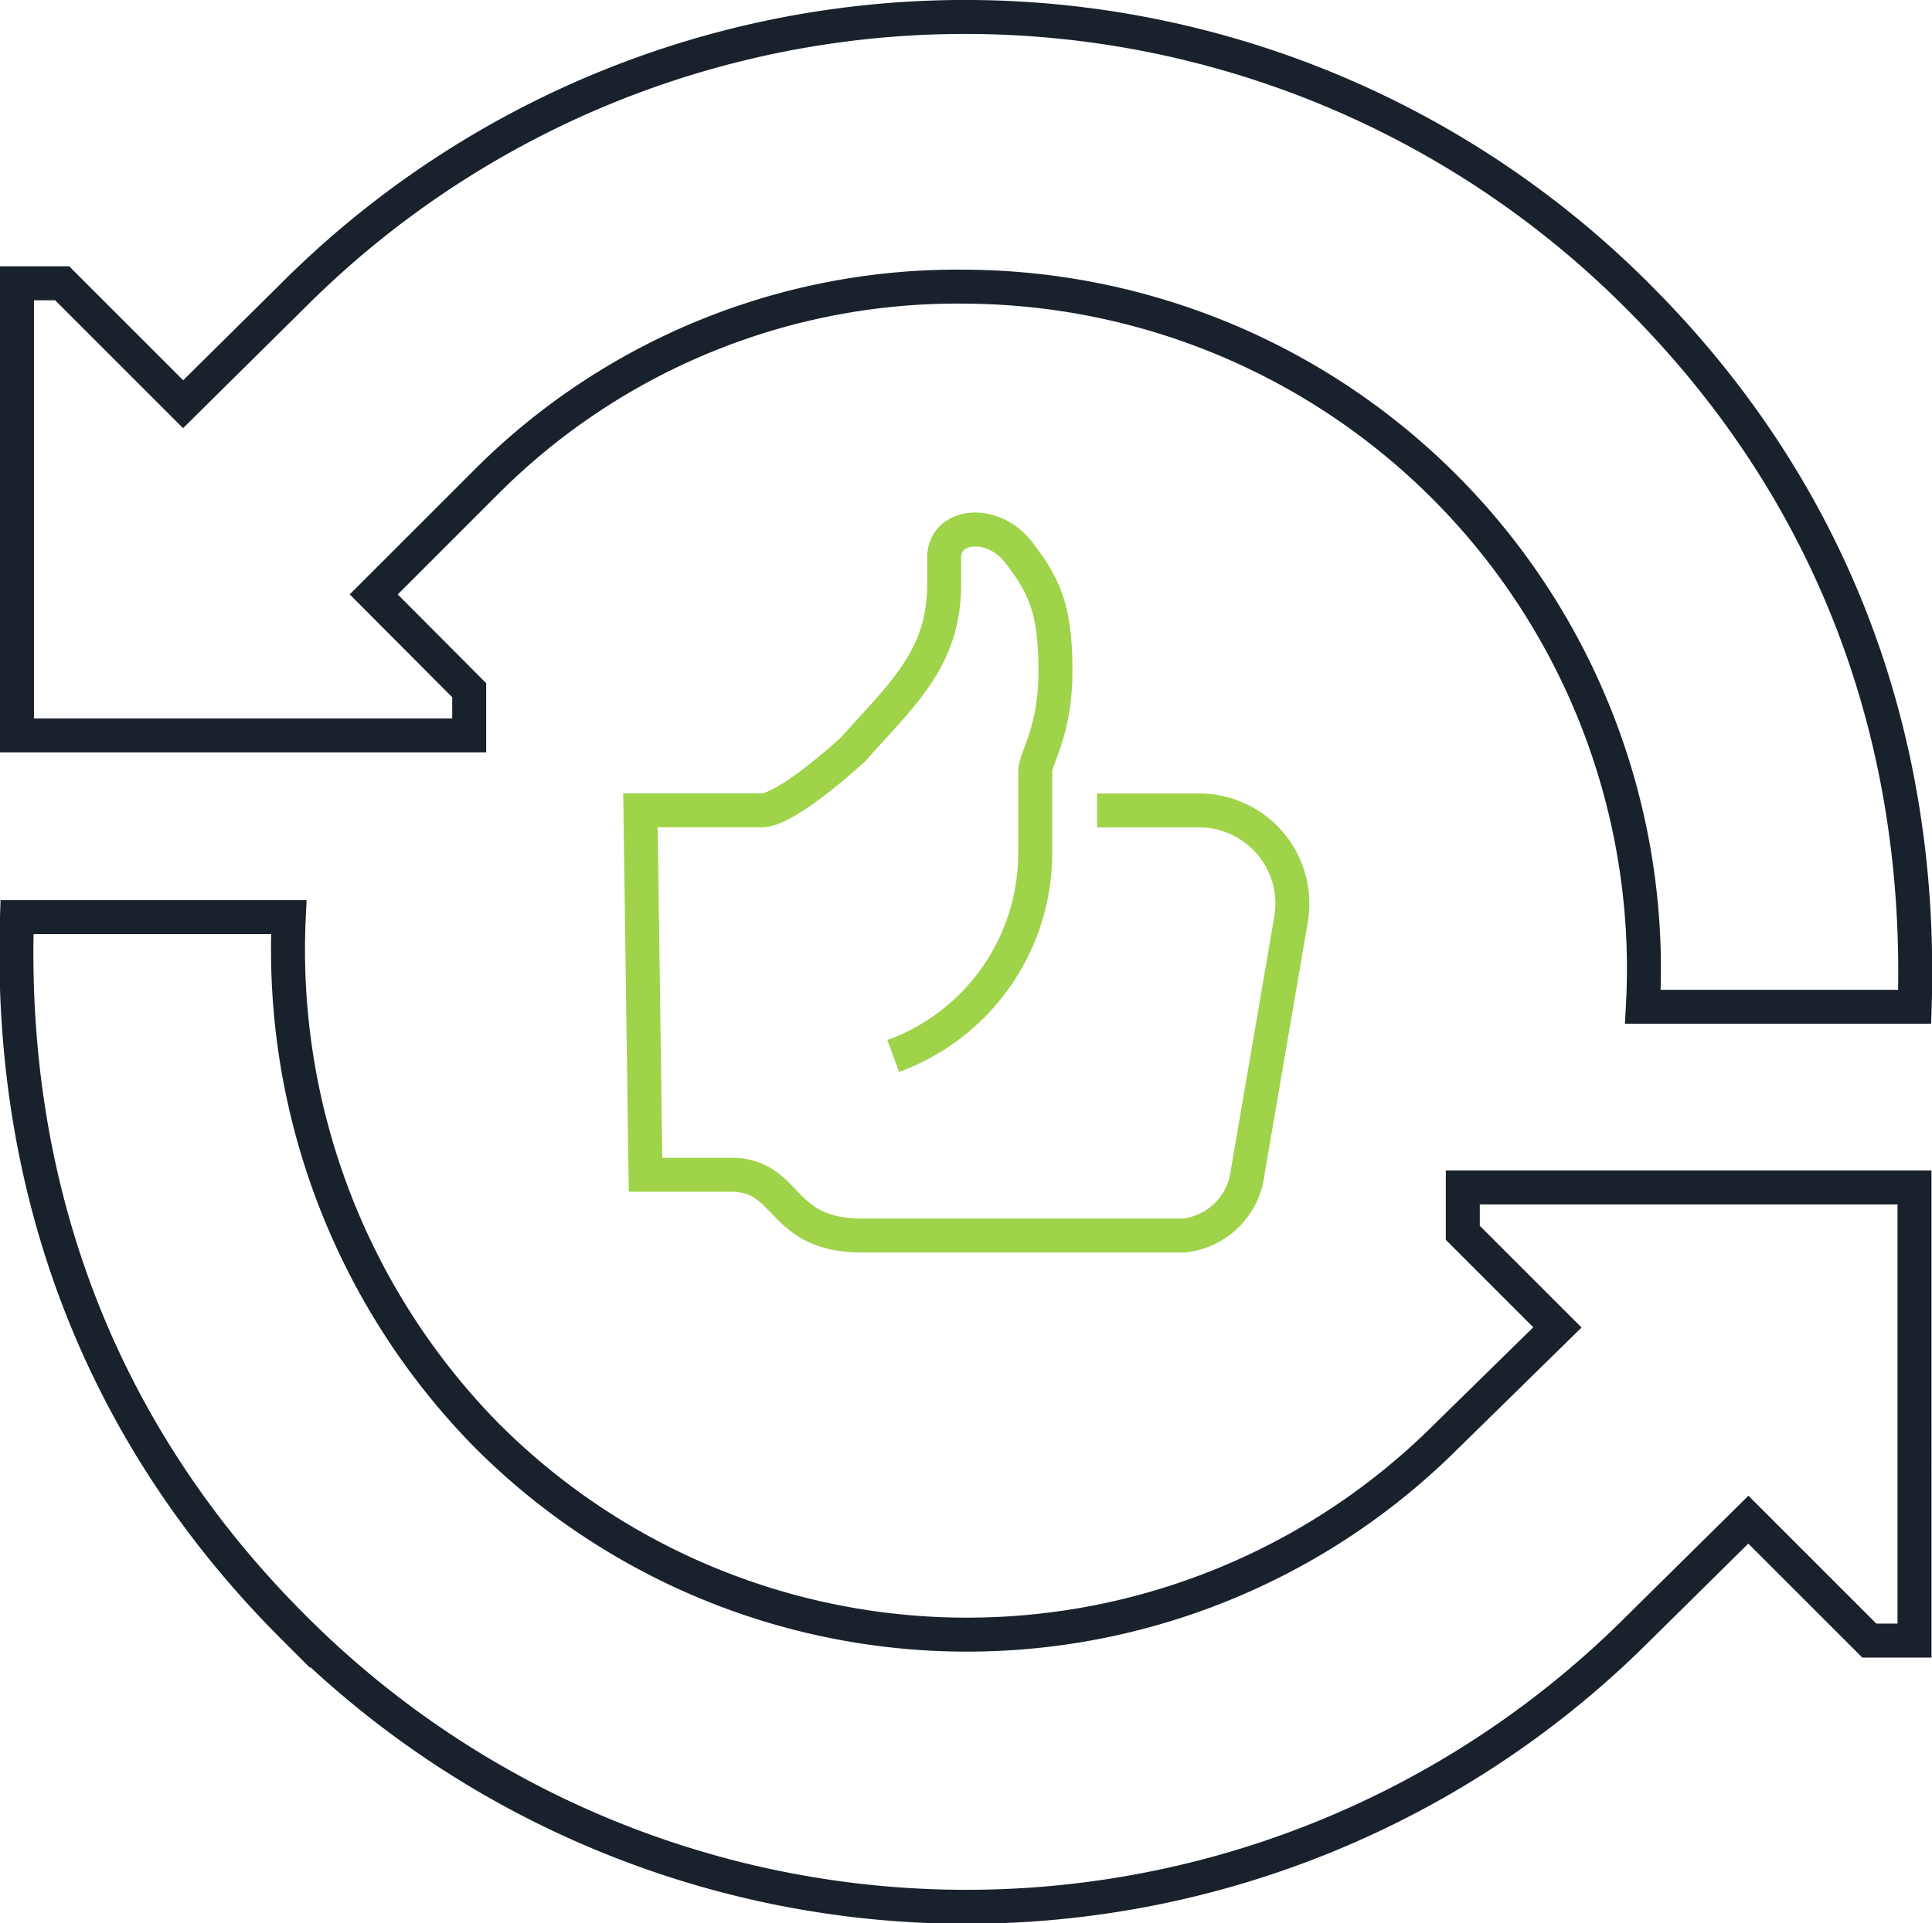 <svg xmlns="http://www.w3.org/2000/svg" viewBox="0 0 113.73 113.23"><defs><style>.cls-1,.cls-2{fill:none;stroke-miterlimit:10;stroke-width:2px;}.cls-1{stroke:#19212d;}.cls-2{stroke:#9fd34a;}</style></defs><title>transferable-skills</title><g id="Layer_2" data-name="Layer 2"><g id="Content"><path class="cls-1" d="M96.44,17.47a55.91,55.91,0,0,0-79.07-.19L10.78,23.8,3.66,16.68H1V43.3H27.62V40.64L22,35l6.65-6.65A39.17,39.17,0,0,1,56.9,16.88a40.16,40.16,0,0,1,39.81,42.4h16C113.22,43.3,107.84,28.87,96.44,17.47Z"/><path class="cls-1" d="M86.11,69.92v2.67l5.57,5.57-6.62,6.49a39.93,39.93,0,0,1-56.47-.19A40.78,40.78,0,0,1,17,54H1c-.52,16,4.86,30.41,16.26,41.8a55.9,55.9,0,0,0,79.06.2l6.6-6.52,7.12,7.12h2.66V69.92Z"/><path class="cls-2" d="M52.58,62.18a12.72,12.72,0,0,0,8.36-12V45.42c0-.8,1.19-2.31,1.19-5.9s-.62-5-2.17-7-4.38-1.65-4.38.3v1.58c0,4.37-2.46,6.46-5.37,9.73,0,0-3.87,3.58-5.36,3.58H37.7L38,69.17h5c3.54,0,2.77,3.58,7.76,3.58H69.7A4.25,4.25,0,0,0,73.45,69L76,54.13a5.49,5.49,0,0,0-5.42-6.41h-6"/></g></g></svg>
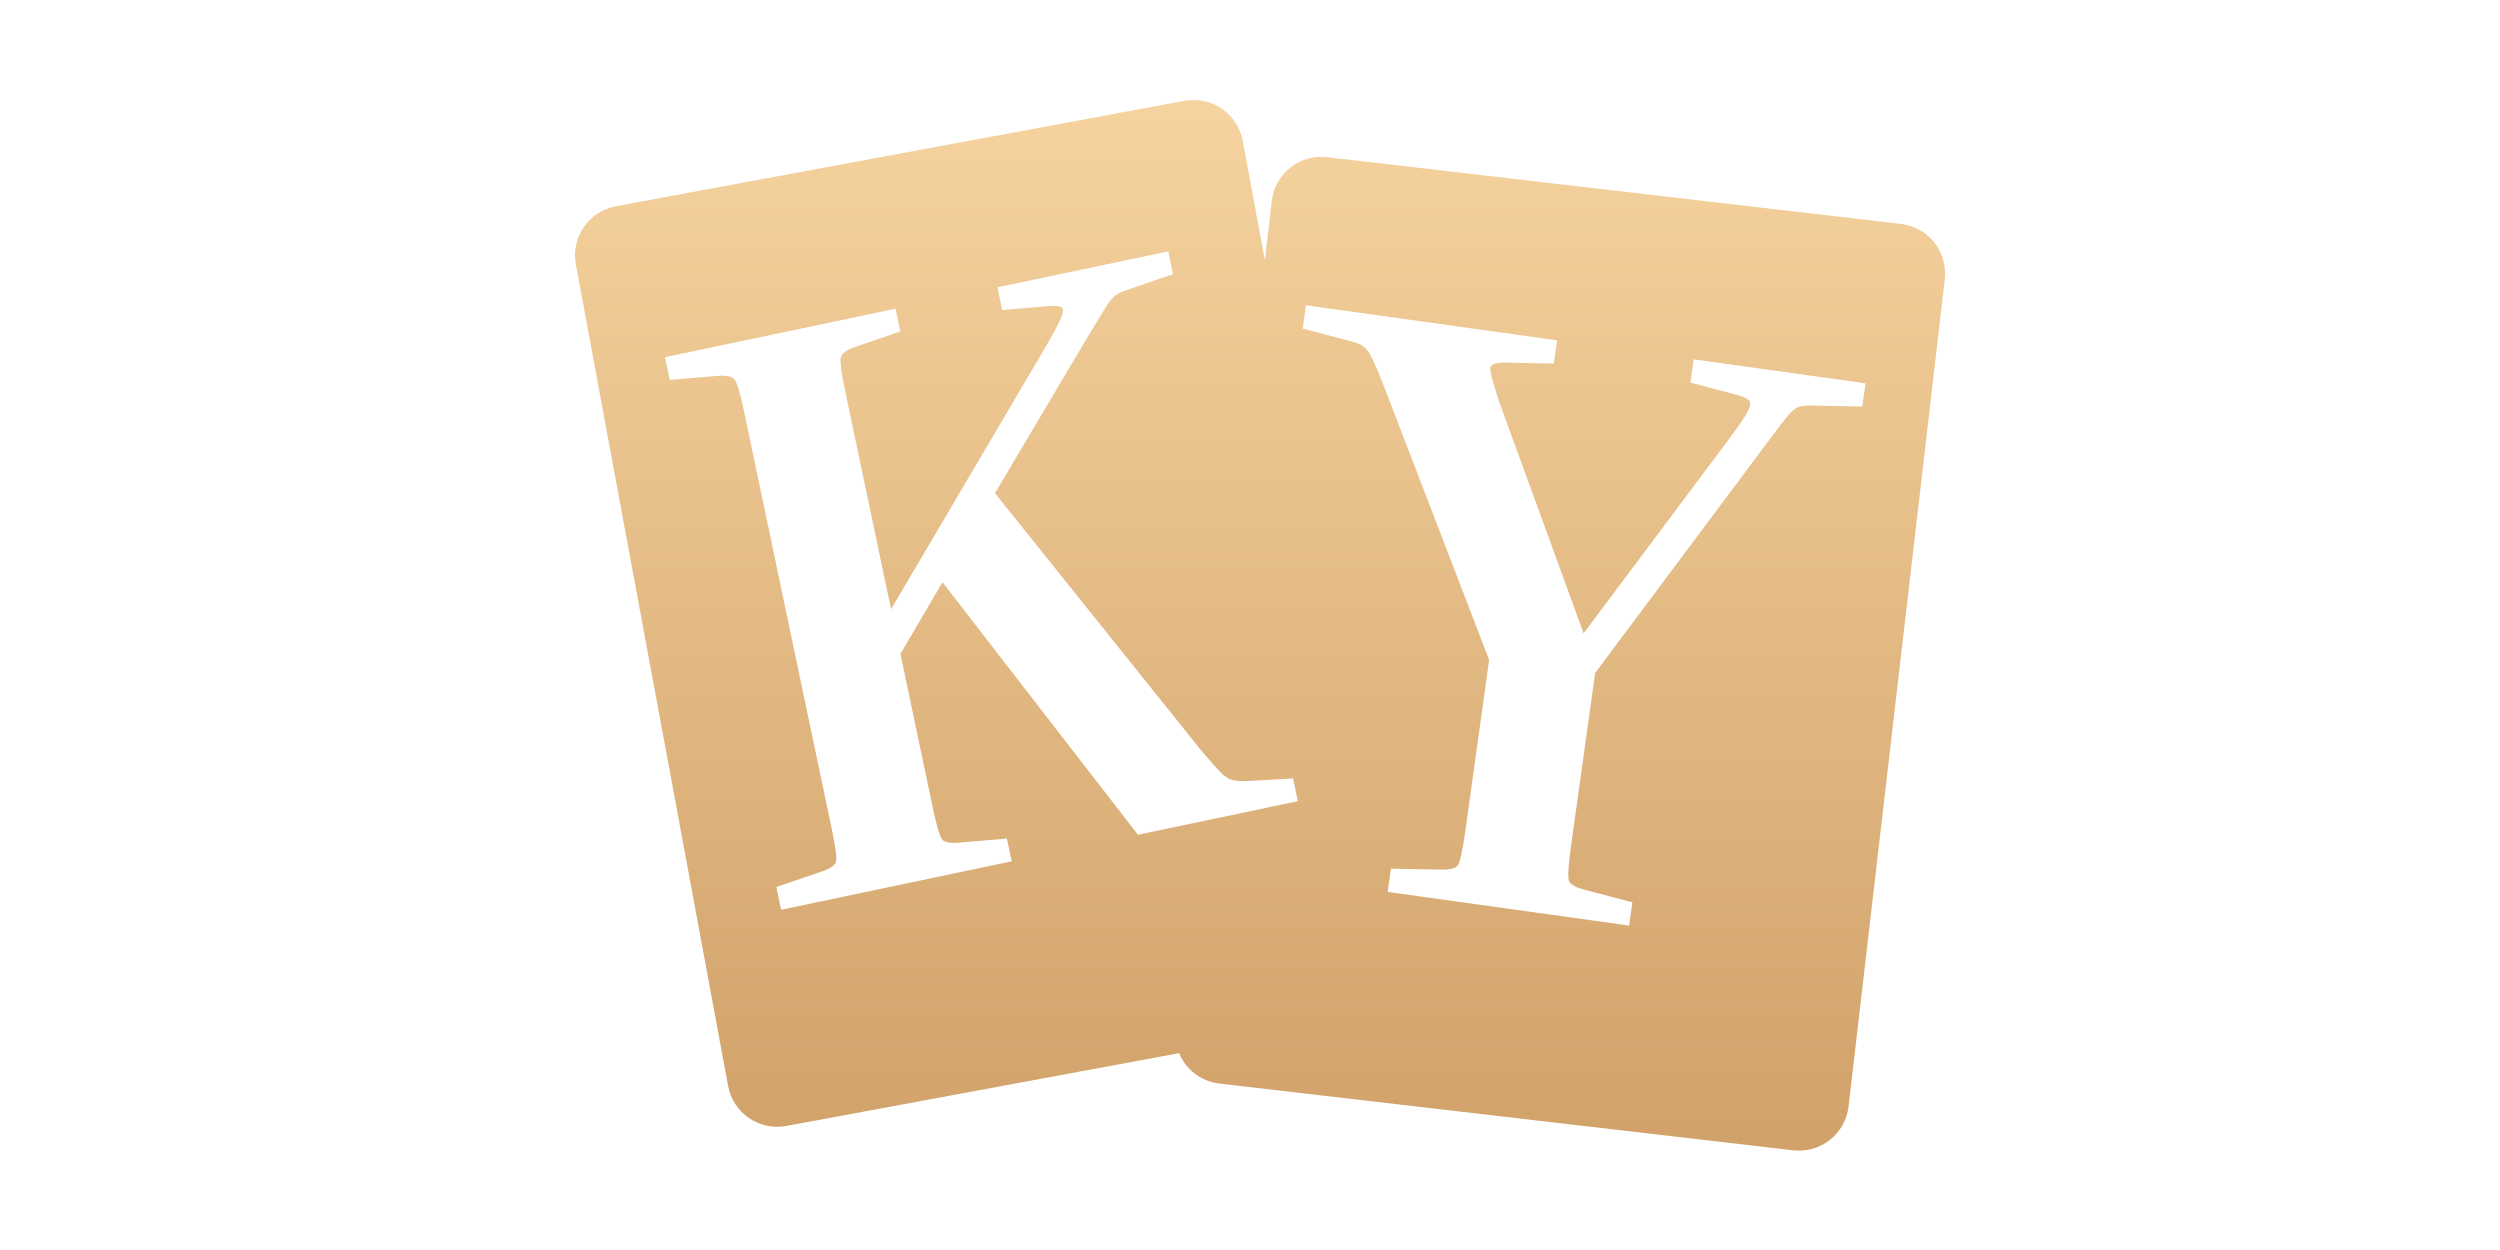 <svg width="100" height="50" viewBox="0 0 100 50" fill="none" xmlns="http://www.w3.org/2000/svg">
<path fill-rule="evenodd" clip-rule="evenodd" d="M24.636 8.249C23.55 8.45 22.832 9.494 23.034 10.58L29.124 43.437C29.325 44.523 30.369 45.24 31.455 45.038L47.162 42.127C47.432 42.772 48.033 43.256 48.777 43.343L71.725 46.013C72.823 46.14 73.815 45.354 73.943 44.257L77.791 11.174C77.919 10.077 77.133 9.084 76.036 8.956L53.087 6.287C51.99 6.159 50.997 6.945 50.87 8.042L50.594 10.411L49.709 5.636C49.508 4.55 48.464 3.833 47.378 4.034L24.636 8.249ZM26.79 15.197L26.599 14.287L35.822 12.348L36.014 13.259L34.21 13.875C33.86 13.994 33.667 14.136 33.632 14.302C33.592 14.446 33.649 14.887 33.804 15.624L35.642 24.368L41.783 13.947C42.283 13.095 42.529 12.591 42.519 12.434C42.532 12.273 42.355 12.209 41.986 12.241L40.087 12.402L39.896 11.492L46.73 10.056L46.921 10.966L45.117 11.583C44.897 11.652 44.727 11.733 44.606 11.826C44.485 11.919 44.346 12.096 44.19 12.355C44.033 12.614 43.781 13.029 43.432 13.6L39.799 19.727L48.041 30.01C48.384 30.413 48.645 30.709 48.825 30.897C49.005 31.085 49.192 31.193 49.385 31.221C49.578 31.248 49.837 31.25 50.16 31.227L51.723 31.137L51.914 32.047L45.518 33.391L37.7 23.29L36.018 26.156L37.302 32.267C37.457 33.004 37.584 33.441 37.683 33.578C37.778 33.694 38.009 33.736 38.377 33.704L40.277 33.542L40.468 34.452L31.244 36.391L31.053 35.481L32.856 34.864C33.206 34.745 33.401 34.614 33.441 34.47C33.477 34.304 33.417 33.852 33.262 33.116L29.765 16.473C29.61 15.736 29.485 15.31 29.39 15.194C29.291 15.056 29.057 15.004 28.689 15.036L26.79 15.197ZM65.165 37.023L65.294 36.093L63.388 35.591C63.018 35.494 62.807 35.375 62.755 35.232C62.706 35.067 62.734 34.609 62.839 33.856L63.806 26.919L70.742 17.634C71.094 17.164 71.344 16.838 71.489 16.655C71.661 16.453 71.81 16.328 71.937 16.277C72.087 16.231 72.281 16.213 72.519 16.223L74.49 16.261L74.62 15.332L67.746 14.374L67.617 15.303L69.523 15.806C69.869 15.899 70.032 16.023 70.01 16.178C70.012 16.336 69.762 16.753 69.261 17.427L63.344 25.332L59.99 16.135C59.719 15.33 59.593 14.862 59.611 14.729C59.633 14.574 59.823 14.499 60.182 14.504L62.153 14.542L62.283 13.612L52.236 12.212L52.107 13.142L54.013 13.644C54.245 13.699 54.415 13.768 54.523 13.851C54.655 13.937 54.776 14.1 54.886 14.341C55 14.56 55.162 14.943 55.373 15.492L59.566 26.396L58.609 33.267C58.504 34.019 58.406 34.468 58.313 34.613C58.224 34.736 57.989 34.793 57.607 34.785L55.636 34.747L55.506 35.677L65.165 37.023Z" fill="url(#paint0_linear_220_31769)"/>
<defs>
<linearGradient id="paint0_linear_220_31769" x1="50.398" y1="4.569" x2="50.398" y2="47.028" gradientUnits="userSpaceOnUse">
<stop stop-color="#F5D29E"/>
<stop offset="1" stop-color="#D0A068"/>
</linearGradient>
</defs>
</svg>

—————

§ ACTIVITY: Without the pictures, write out the entire listing exactly.

§ RESPONSE BELOW:
 <svg xmlns="http://www.w3.org/2000/svg" viewBox="0 0 113.73 113.23"><defs><style>.cls-1,.cls-2{fill:none;stroke-miterlimit:10;stroke-width:2px;}.cls-1{stroke:#19212d;}.cls-2{stroke:#9fd34a;}</style></defs><title>transferable-skills</title><g id="Layer_2" data-name="Layer 2"><g id="Content"><path class="cls-1" d="M96.44,17.47a55.91,55.91,0,0,0-79.07-.19L10.78,23.8,3.66,16.68H1V43.3H27.62V40.64L22,35l6.65-6.65A39.17,39.17,0,0,1,56.9,16.88a40.16,40.16,0,0,1,39.81,42.4h16C113.22,43.3,107.84,28.87,96.44,17.47Z"/><path class="cls-1" d="M86.11,69.92v2.67l5.57,5.57-6.62,6.49a39.93,39.93,0,0,1-56.47-.19A40.78,40.78,0,0,1,17,54H1c-.52,16,4.86,30.41,16.26,41.8a55.9,55.9,0,0,0,79.06.2l6.6-6.52,7.12,7.12h2.66V69.92Z"/><path class="cls-2" d="M52.58,62.18a12.72,12.72,0,0,0,8.36-12V45.42c0-.8,1.19-2.31,1.19-5.9s-.62-5-2.17-7-4.38-1.65-4.38.3v1.58c0,4.37-2.46,6.46-5.37,9.73,0,0-3.87,3.58-5.36,3.58H37.7L38,69.17h5c3.54,0,2.77,3.58,7.76,3.58H69.7A4.25,4.25,0,0,0,73.45,69L76,54.13a5.49,5.49,0,0,0-5.42-6.41h-6"/></g></g></svg>
 <svg width="100" height="50" viewBox="0 0 100 50" fill="none" xmlns="http://www.w3.org/2000/svg">
<path fill-rule="evenodd" clip-rule="evenodd" d="M24.636 8.249C23.55 8.45 22.832 9.494 23.034 10.58L29.124 43.437C29.325 44.523 30.369 45.24 31.455 45.038L47.162 42.127C47.432 42.772 48.033 43.256 48.777 43.343L71.725 46.013C72.823 46.14 73.815 45.354 73.943 44.257L77.791 11.174C77.919 10.077 77.133 9.084 76.036 8.956L53.087 6.287C51.99 6.159 50.997 6.945 50.87 8.042L50.594 10.411L49.709 5.636C49.508 4.55 48.464 3.833 47.378 4.034L24.636 8.249ZM26.79 15.197L26.599 14.287L35.822 12.348L36.014 13.259L34.21 13.875C33.86 13.994 33.667 14.136 33.632 14.302C33.592 14.446 33.649 14.887 33.804 15.624L35.642 24.368L41.783 13.947C42.283 13.095 42.529 12.591 42.519 12.434C42.532 12.273 42.355 12.209 41.986 12.241L40.087 12.402L39.896 11.492L46.73 10.056L46.921 10.966L45.117 11.583C44.897 11.652 44.727 11.733 44.606 11.826C44.485 11.919 44.346 12.096 44.19 12.355C44.033 12.614 43.781 13.029 43.432 13.6L39.799 19.727L48.041 30.01C48.384 30.413 48.645 30.709 48.825 30.897C49.005 31.085 49.192 31.193 49.385 31.221C49.578 31.248 49.837 31.25 50.16 31.227L51.723 31.137L51.914 32.047L45.518 33.391L37.7 23.29L36.018 26.156L37.302 32.267C37.457 33.004 37.584 33.441 37.683 33.578C37.778 33.694 38.009 33.736 38.377 33.704L40.277 33.542L40.468 34.452L31.244 36.391L31.053 35.481L32.856 34.864C33.206 34.745 33.401 34.614 33.441 34.47C33.477 34.304 33.417 33.852 33.262 33.116L29.765 16.473C29.61 15.736 29.485 15.31 29.39 15.194C29.291 15.056 29.057 15.004 28.689 15.036L26.79 15.197ZM65.165 37.023L65.294 36.093L63.388 35.591C63.018 35.494 62.807 35.375 62.755 35.232C62.706 35.067 62.734 34.609 62.839 33.856L63.806 26.919L70.742 17.634C71.094 17.164 71.344 16.838 71.489 16.655C71.661 16.453 71.81 16.328 71.937 16.277C72.087 16.231 72.281 16.213 72.519 16.223L74.49 16.261L74.62 15.332L67.746 14.374L67.617 15.303L69.523 15.806C69.869 15.899 70.032 16.023 70.01 16.178C70.012 16.336 69.762 16.753 69.261 17.427L63.344 25.332L59.99 16.135C59.719 15.33 59.593 14.862 59.611 14.729C59.633 14.574 59.823 14.499 60.182 14.504L62.153 14.542L62.283 13.612L52.236 12.212L52.107 13.142L54.013 13.644C54.245 13.699 54.415 13.768 54.523 13.851C54.655 13.937 54.776 14.1 54.886 14.341C55 14.56 55.162 14.943 55.373 15.492L59.566 26.396L58.609 33.267C58.504 34.019 58.406 34.468 58.313 34.613C58.224 34.736 57.989 34.793 57.607 34.785L55.636 34.747L55.506 35.677L65.165 37.023Z" fill="url(#paint0_linear_220_31769)"/>
<defs>
<linearGradient id="paint0_linear_220_31769" x1="50.398" y1="4.569" x2="50.398" y2="47.028" gradientUnits="userSpaceOnUse">
<stop stop-color="#F5D29E"/>
<stop offset="1" stop-color="#D0A068"/>
</linearGradient>
</defs>
</svg>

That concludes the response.